## WHAT TO WORK ON
Type out each entry exactly as it appears, but keep every image out.

Stored dataset items:
------------------------

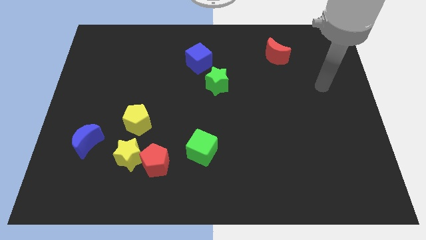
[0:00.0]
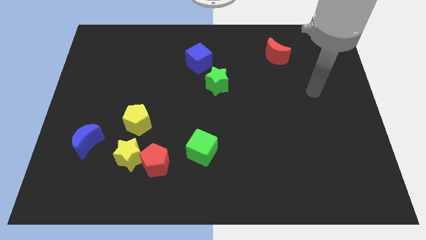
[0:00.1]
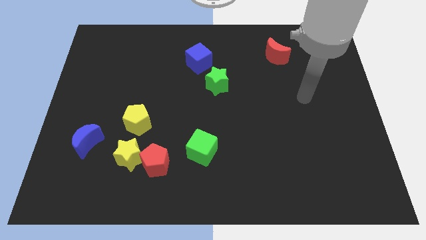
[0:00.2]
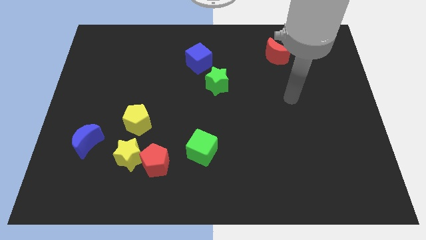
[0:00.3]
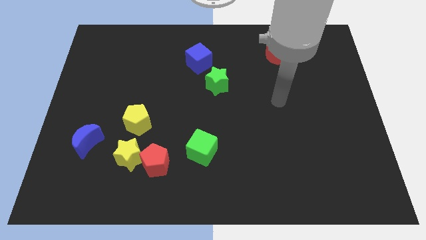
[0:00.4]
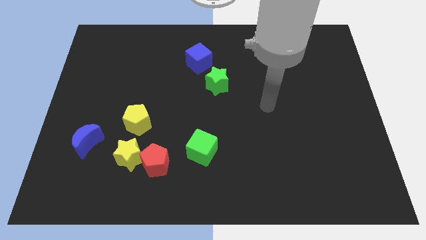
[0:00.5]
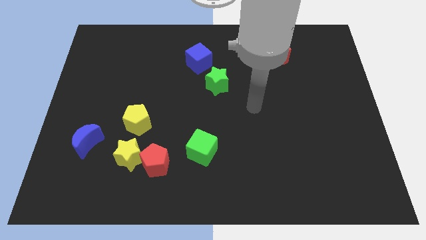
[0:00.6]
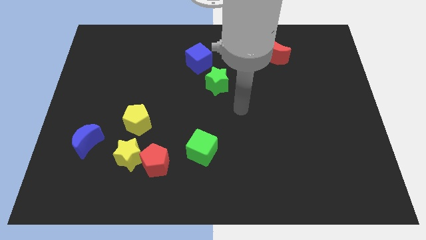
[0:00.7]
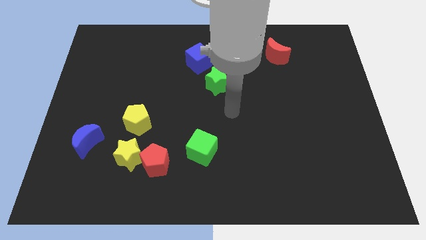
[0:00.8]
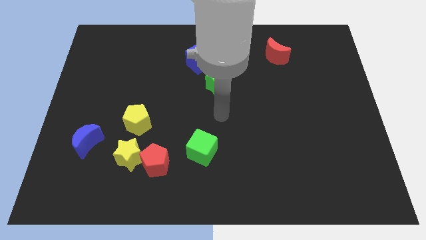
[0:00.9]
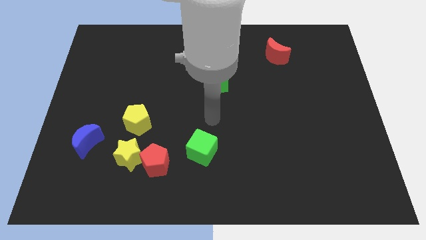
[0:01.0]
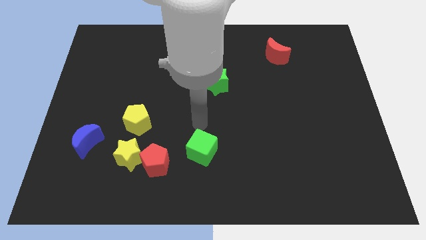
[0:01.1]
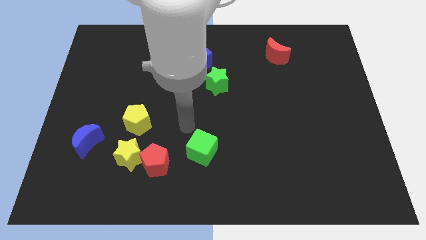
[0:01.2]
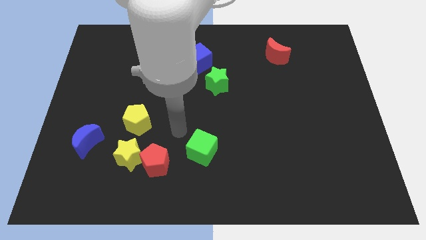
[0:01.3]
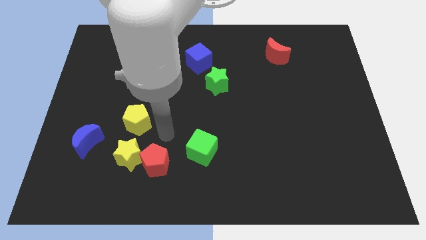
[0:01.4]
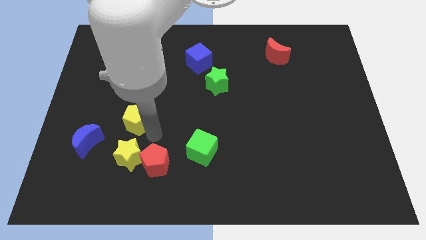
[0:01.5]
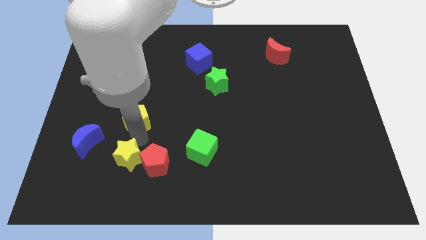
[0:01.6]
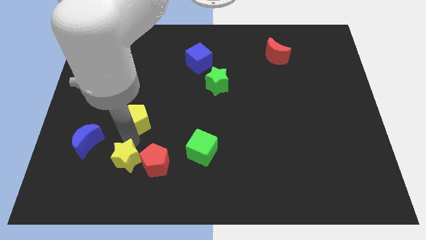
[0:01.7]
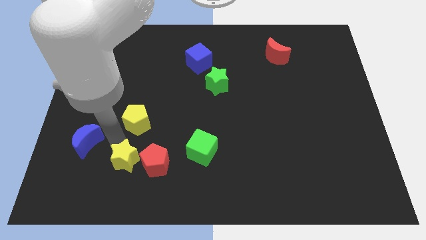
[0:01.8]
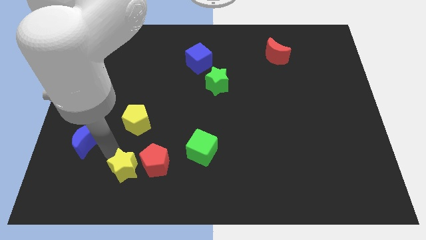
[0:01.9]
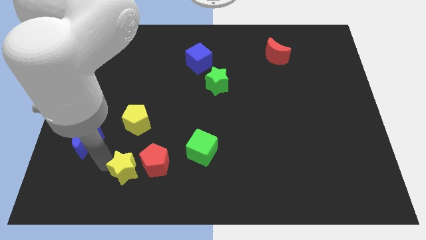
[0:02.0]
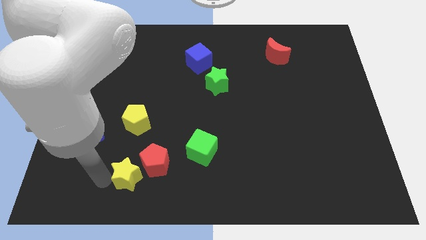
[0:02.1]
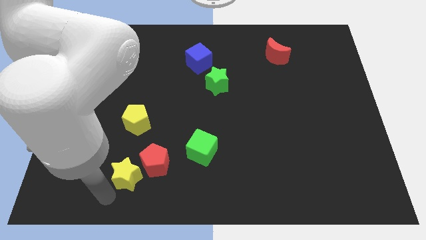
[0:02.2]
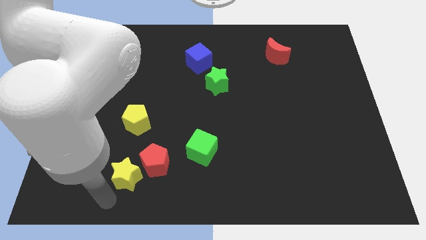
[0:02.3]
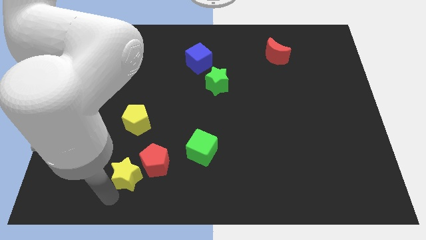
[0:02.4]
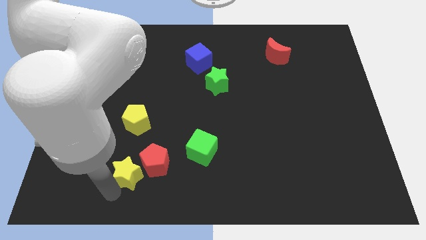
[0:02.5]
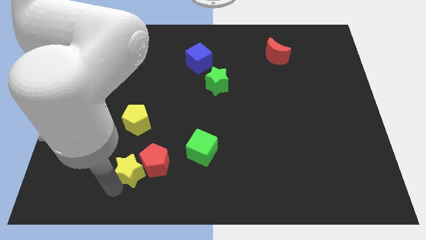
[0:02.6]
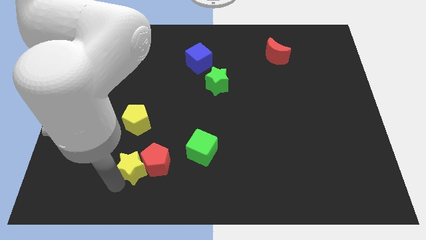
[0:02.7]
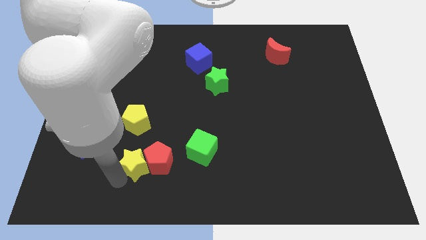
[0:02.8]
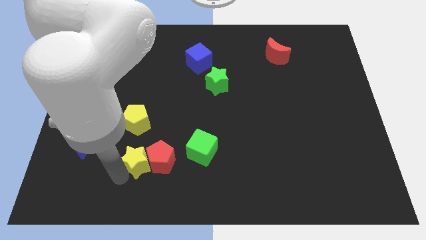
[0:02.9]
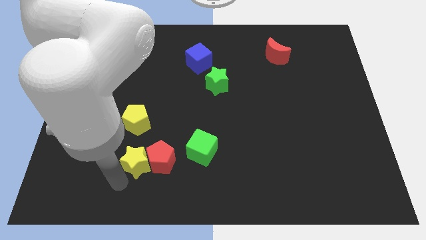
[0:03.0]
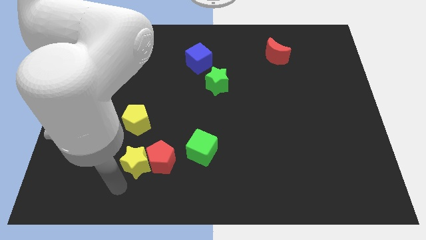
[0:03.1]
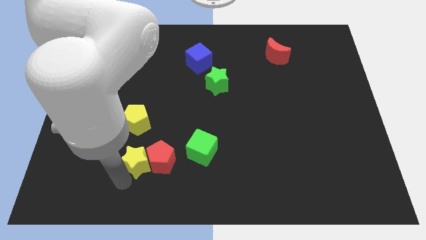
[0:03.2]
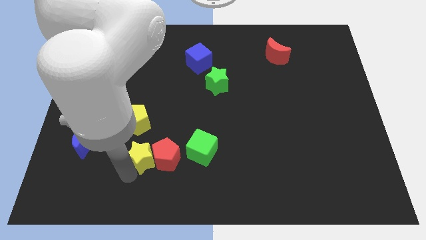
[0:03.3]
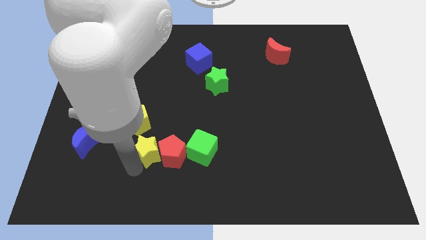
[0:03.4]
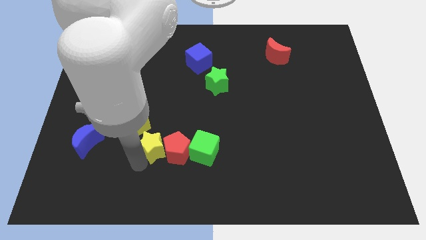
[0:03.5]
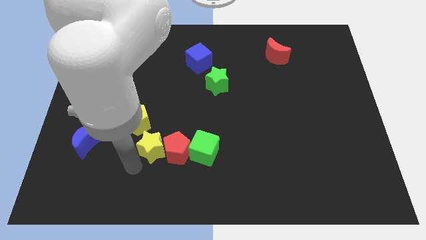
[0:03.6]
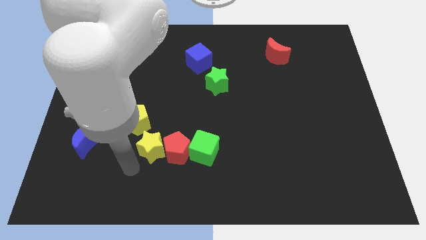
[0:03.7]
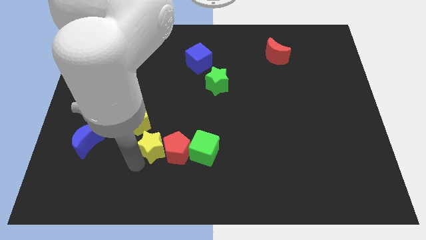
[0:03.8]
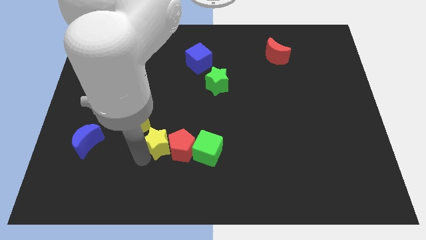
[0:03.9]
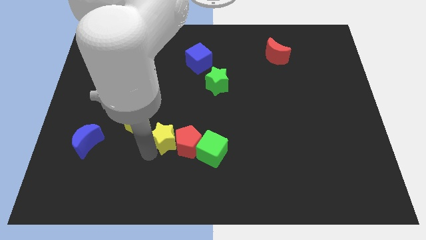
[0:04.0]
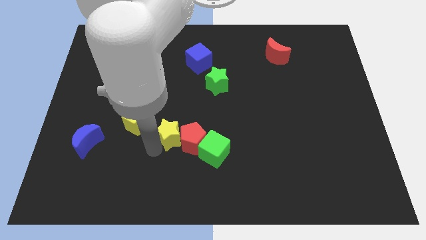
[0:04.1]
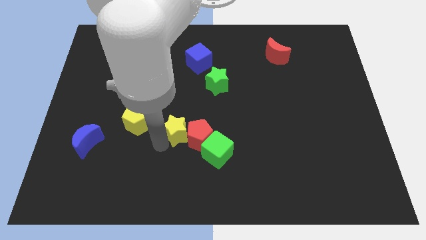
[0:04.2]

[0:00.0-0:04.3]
put the yellow star to the center

------------------------

## RESULT
[0:00.0]
[0:00.1]
[0:00.2]
[0:00.3]
[0:00.4]
[0:00.5]
[0:00.6]
[0:00.7]
[0:00.8]
[0:00.9]
[0:01.0]
[0:01.1]
[0:01.2]
[0:01.3]
[0:01.4]
[0:01.5]
[0:01.6]
[0:01.7]
[0:01.8]
[0:01.9]
[0:02.0]
[0:02.1]
[0:02.2]
[0:02.3]
[0:02.4]
[0:02.5]
[0:02.6]
[0:02.7]
[0:02.8]
[0:02.9]
[0:03.0]
[0:03.1]
[0:03.2]
[0:03.3]
[0:03.4]
[0:03.5]
[0:03.6]
[0:03.7]
[0:03.8]
[0:03.9]
[0:04.0]
[0:04.1]
[0:04.2]

[0:00.0-0:04.3]
put the yellow star to the center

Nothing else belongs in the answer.